It is difficult to believe that the thin sharpfeatured woman on the opposite side of the table comes from the workhouse, especially as she does not wear the distinctive dress; she expresses herself so well in conversation, and there is an air almost of refinement about her. There is some mystery in the case. Her story would make a very interesting paper, but Miss N. is beginning to suspect that the clue to the mystery, like that of so many sad mysteries, is to be found in the one word Drink. She feels her position severely, and cannot bear to go out in the workhouse dress, so she adopts an expedient which is within her legal rights, but is very provoking to the authorities. Whenever she wishes to go out she demands her discharge, and has her own clothes which she wore when she entered the workhouse returned to her; then in the evening, when she is ready to return, she presents herself at the familiar gates as a fresh applicant for admission, and has to go through all the reiterated particulars of her own case. "That man who does the writing," she says, "always asks me the same questions: 'Is your husband living? Why are you not living with him?' I say, sometimes, 'Oh, you know as well as I do now!' but I always have to answer, all the same."

The fourth guest, E. B., that pale young woman with a rather vacant expression on the face, that yet looks quietly pleased, has a sad history. But, alas she is only one of many, many bright young girls, some of whom have had a far better start, and far more light than herself, who have found the hard way of transgression lead them to that place from where they have no hope of returning to respect. able happy life-the workhouse ward, in which no visiting is allowed. This poor girl of weak intellect has been far more sinned against than sinning. She was a child who specially needed a mother's care, as she was subject to that terrible malady epilepsy. But, alas! she early lost her mother, and her father had no patience with the wild uncertain temper that in her case, as in so

many, accompanied the affliction, so he relieved himself of further trouble with her by simply turning her out of doors to shift for herself. She was glad to take a situation in what was represented to her as a coffee-house; but it was a house of quite another kind, and very soon this simple helpless girl was one of the large class of "unfortunates." She had no home to shelter her in her trouble; it was too late for her relentless father to show mercy, for he had been called to his account; so she just wandered about till she could wander no longer, and then drifted into the workhouse, of which she had been an inmate a few weeks before Miss N. found her. The poor thing was touchingly responsive to kindness. "Then you have no relative in the world that you know of?" asked Miss N. one day, when in a long quiet talk she had elicited the details of her past life. "No one but you, miss," was the touching response. From that hour Miss N. resolved to be a true sister to her poor relative, and sealed the silent compact with the first kiss the desolate girl had received since the kiss of the betrayer had touched her cheek. It was impossible, owing to her affliction, to obtain a situation for her. The workhouse was really the safest place, but much might be done to brighten her life there, and the brightest spots in it were these afternoons out.

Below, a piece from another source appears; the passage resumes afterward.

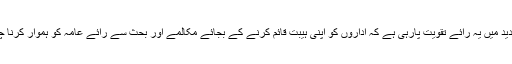
عہد جدید میں یہ رائے تقویت پارہی ہے کہ اداروں کو اپنی ہیبت قائم کرنے کے بجائے مکالمے اور بحث سے رائے عامہ کو ہموار کرنا چاہئے۔

To-day Miss N. has been specially reminded of the real relationship between herself and her guests, for part of the entertainment has been a little music. Her two nephews, glad as most children are to give pleasure, have been singing some of their school songs, and a few of Sankey's hymns; but the favourite has been a piece from the Cristian Choir called the "Two Lives," beginning

"Two babes were born in the self-same town,
On the very self-same day-

and ending with

"Two women lay dead in the self-same town." And if

"Jesus who died for rich and poor,

In His wondrous holy love,
Took both the sisters in His arms
And carried them above,
Then all the difference vanished quite,

For in Heaven none would know
Which of them lived in the terraced house
And which in the street below."

The admiration of the audience for the youthful performers is altogether immoderate. "Don't they sing lovely? and ain't they beautiful boys?" Miss N. has to remind them that such unqualified praise is hardly good for boys. But there is no fear of making pussy conceited, so the cat and her kitten are duly admired. "Do let me feel the kitten," says Mrs. W., and as the boys hold it on her knee for her, her hands all go over the soft fur. "I can feel it's a little beauty," she says. Her imagination comes to her aid too at teatime, for they have what was to them an unheard of delicacy of some

Guava jelly.

I

Their host has had a jar from friends in the West Indies, and thinks this the most fitting occasion to open it. "They say it's a most beautiful colour," says the blind woman, "and I can quite imagine it is by the taste. shall tell matron we've had something for tea we never tasted before, she'll be so pleased to hear how we enjoyed ourselves. She was almost as glad as we were when your letter came, she always likes us to come here, because she knows it is such a treat, and she do like us to have treats as long as we behave ourselves."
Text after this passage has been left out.